• _Task to carry out_
Only the stretch below from the line holding "NOTE: SMOKERS RETAIN THEIR BELIEF THAT" through the line holding "Question: What does" should be restated, word for word and with both ends included; pictures stay out.
··········
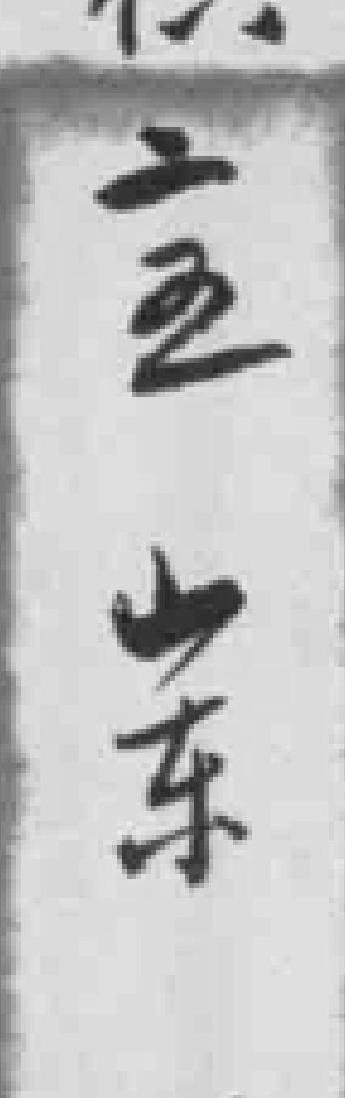
二五山东
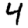
Digit: 4
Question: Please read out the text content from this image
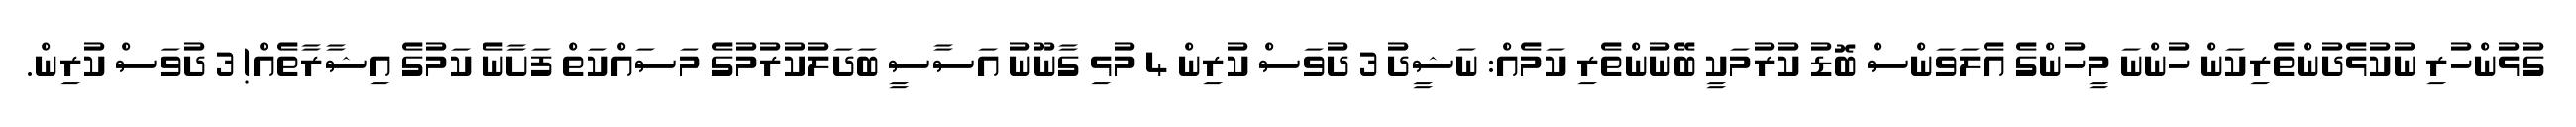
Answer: ގުޅުންހުރި ނުކުޅެދުންތެރިކަން ހުންނަ މީހުންގެ އެލަވަންސް ބޮޑު ކުރުމަކީ ބޭނުންތެރި ކަމެއް: ނަޝީދު 3 ދުވަސް ކުރިން 4 މުޅި ގާނޫނު އަސާސީ ބަދަލުކުރުމުގެ މަސައްކަތް ފަށާނެ ކަމުގެ އިޝާރާތެއް! 3 ދުވަސް ކުރިން.
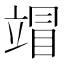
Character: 𰩦
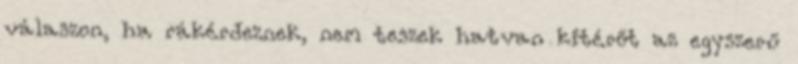
válaszon, ha rákérdeznek, nem teszek hatvan kitérőt az egyszerű
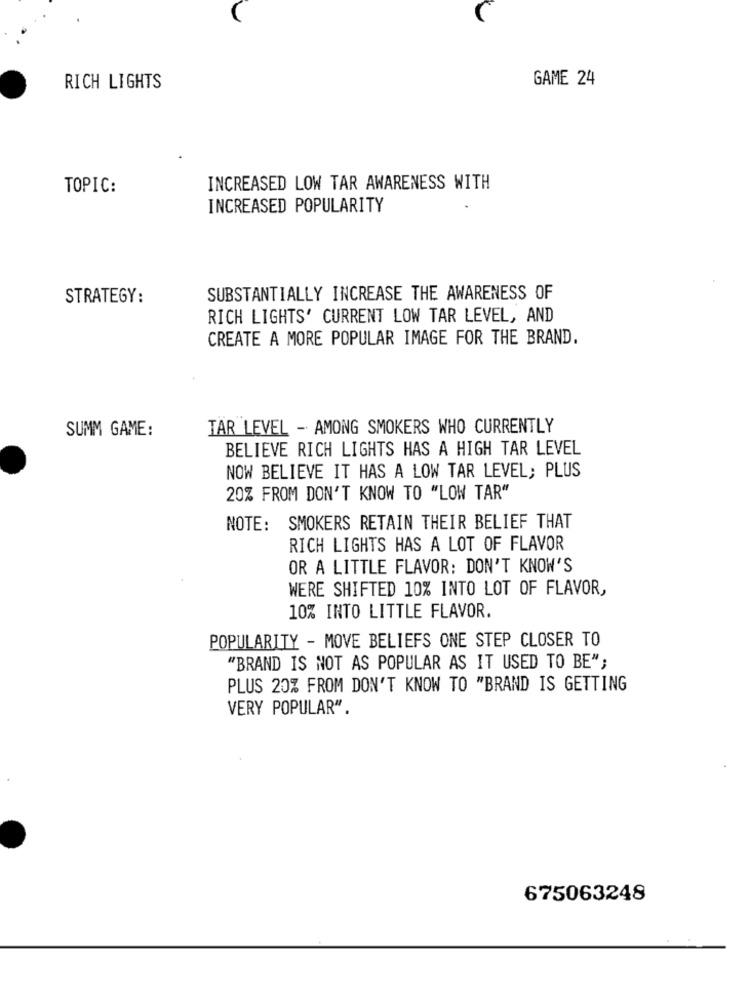
GAME 24
RICH LIGHTS
TOPIC:
INCREASED LOW TAR AWARENESS WITH
INCREASED POPULARITY
STRATEGY:
SUBSTANTIALLY INCREASE THE AWARENESS OF
RICH LIGHTS' CURRENT LOW TAR LEVEL, AND
CREATE A MORE POPULAR IMAGE FOR THE BRAND.
SUMM GAME:
TAR LEVEL - AMONG SMOKERS WHO CURRENTLY
BELIEVE RICH LIGHTS HAS A HIGH TAR LEVEL
NOW BELIEVE IT HAS A LOW TAR LEVEL; PLUS
20% FROM DON'T KNOW TO "LOW TAR"
NOTE: SMOKERS RETAIN THEIR BELIEF THAT
RICH LIGHTS HAS A LOT OF FLAVOR
OR A LITTLE FLAVOR: DON'T KNOW'S
WERE SHIFTED 10% INTO LOT OF FLAVOR,
10% INTO LITTLE FLAVOR.
POPULARITY - MOVE BELIEFS ONE STEP CLOSER TO
"BRAND IS NOT AS POPULAR AS IT USED TO BE";
PLUS 20% FROM DON'T KNOW TO "BRAND IS GETTING
VERY POPULAR".
675063248
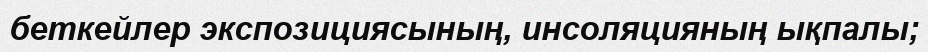
беткейлер экспозициясының, инсоляцияның ықпалы;
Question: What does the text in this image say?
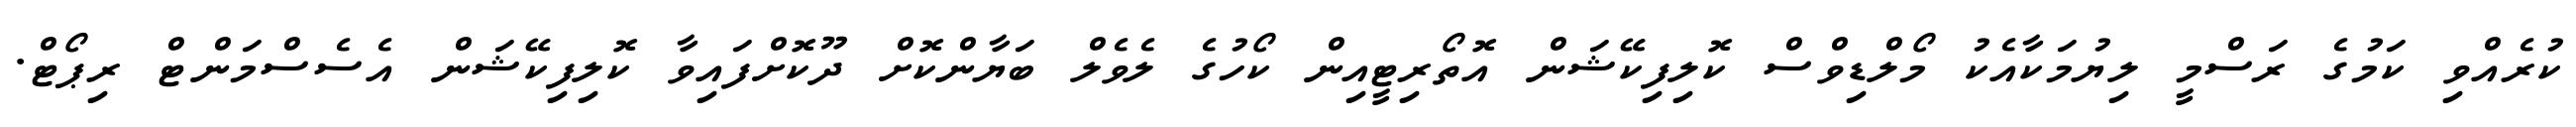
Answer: ކުރެއްވި ކަމުގެ ރަސްމީ ލިޔުމަކާއެކު މޯލްޑިވްސް ކޮލިފިކޭޝަން އޮތޯރިޓީއިން ކޯހުގެ ލެވެލް ބަޔާންކޮށް ދޫކޮށްފައިވާ ކޮލިފިކޭޝަން އެސެސްމަންޓް ރިޕޯޓް.
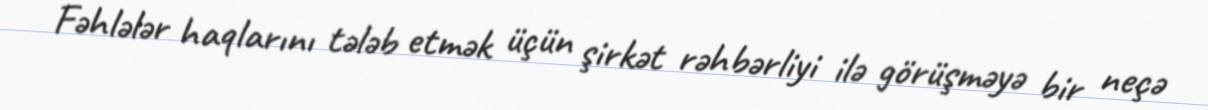
Fəhlələr haqlarını tələb etmək üçün şirkət rəhbərliyi ilə görüşməyə bir neçə
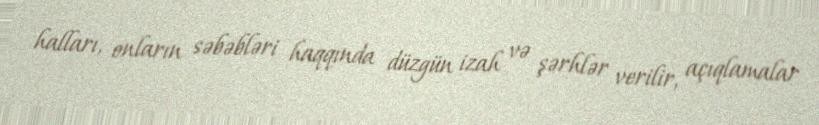
halları, onların səbəbləri haqqında düzgün izah və şərhlər verilir, açıqlamalar
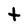
Character: t
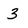
Character: 3
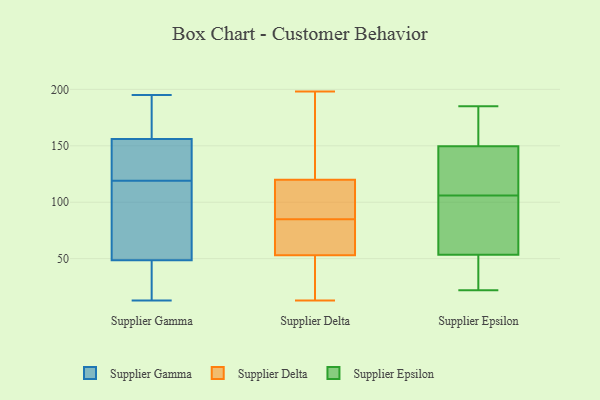
{"axis": {"x": "Market Share (%)", "y": "Value"}, "legend": ["Supplier Delta", "Supplier Epsilon", "Supplier Gamma"], "data": [{"x": "", "y": 120, "type": "Supplier Gamma"}, {"x": "", "y": 46, "type": "Supplier Gamma"}, {"x": "", "y": 31, "type": "Supplier Gamma"}, {"x": "", "y": 195, "type": "Supplier Gamma"}, {"x": "", "y": 68, "type": "Supplier Gamma"}, {"x": "", "y": 143, "type": "Supplier Gamma"}, {"x": "", "y": 77, "type": "Supplier Gamma"}, {"x": "", "y": 119, "type": "Supplier Gamma"}, {"x": "", "y": 51, "type": "Supplier Gamma"}, {"x": "", "y": 190, "type": "Supplier Gamma"}, {"x": "", "y": 107, "type": "Supplier Gamma"}, {"x": "", "y": 46, "type": "Supplier Gamma"}, {"x": "", "y": 186, "type": "Supplier Gamma"}, {"x": "", "y": 149, "type": "Supplier Gamma"}, {"x": "", "y": 185, "type": "Supplier Gamma"}, {"x": "", "y": 30, "type": "Supplier Gamma"}, {"x": "", "y": 13, "type": "Supplier Gamma"}, {"x": "", "y": 163, "type": "Supplier Gamma"}, {"x": "", "y": 119, "type": "Supplier Gamma"}, {"x": "", "y": 129, "type": "Supplier Gamma"}, {"x": "", "y": 60, "type": "Supplier Delta"}, {"x": "", "y": 186, "type": "Supplier Delta"}, {"x": "", "y": 59, "type": "Supplier Delta"}, {"x": "", "y": 198, "type": "Supplier Delta"}, {"x": "", "y": 34, "type": "Supplier Delta"}, {"x": "", "y": 77, "type": "Supplier Delta"}, {"x": "", "y": 120, "type": "Supplier Delta"}, {"x": "", "y": 53, "type": "Supplier Delta"}, {"x": "", "y": 106, "type": "Supplier Delta"}, {"x": "", "y": 57, "type": "Supplier Delta"}, {"x": "", "y": 138, "type": "Supplier Delta"}, {"x": "", "y": 100, "type": "Supplier Delta"}, {"x": "", "y": 29, "type": "Supplier Delta"}, {"x": "", "y": 101, "type": "Supplier Delta"}, {"x": "", "y": 18, "type": "Supplier Delta"}, {"x": "", "y": 13, "type": "Supplier Delta"}, {"x": "", "y": 174, "type": "Supplier Delta"}, {"x": "", "y": 93, "type": "Supplier Delta"}, {"x": "", "y": 61, "type": "Supplier Epsilon"}, {"x": "", "y": 185, "type": "Supplier Epsilon"}, {"x": "", "y": 148, "type": "Supplier Epsilon"}, {"x": "", "y": 171, "type": "Supplier Epsilon"}, {"x": "", "y": 29, "type": "Supplier Epsilon"}, {"x": "", "y": 22, "type": "Supplier Epsilon"}, {"x": "", "y": 120, "type": "Supplier Epsilon"}, {"x": "", "y": 30, "type": "Supplier Epsilon"}, {"x": "", "y": 106, "type": "Supplier Epsilon"}, {"x": "", "y": 78, "type": "Supplier Epsilon"}, {"x": "", "y": 150, "type": "Supplier Epsilon"}, {"x": "", "y": 129, "type": "Supplier Epsilon"}, {"x": "", "y": 152, "type": "Supplier Epsilon"}, {"x": "", "y": 99, "type": "Supplier Epsilon"}, {"x": "", "y": 51, "type": "Supplier Epsilon"}]}
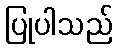
ပြုပါသည်
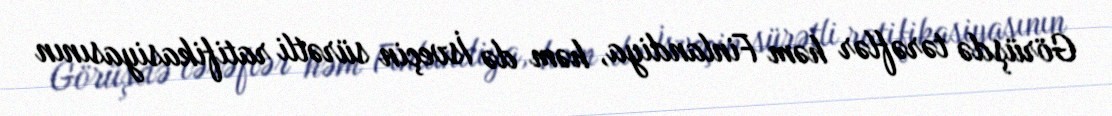
Görüşdə tərəflər həm Finlandiya, həm də İsveçin sürətli ratifikasiyasının
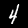
Digit: 4
··········
• _Answer to this exercise_
NOTE: SMOKERS RETAIN THEIR BELIEF THAT
RICH LIGHTS HAS A LOT OF FLAVOR
OR A LITTLE FLAVOR: DON'T KNOW'S
WERE SHIFTED 10% INTO LOT OF FLAVOR,
10% INTO LITTLE FLAVOR.
POPULARITY - MOVE BELIEFS ONE STEP CLOSER TO
"BRAND IS NOT AS POPULAR AS IT USED TO BE";
PLUS 20% FROM DON'T KNOW TO "BRAND IS GETTING
VERY POPULAR".
675063248
беткейлер экспозициясының, инсоляцияның ықпалы;
Question: What does the text in this image say?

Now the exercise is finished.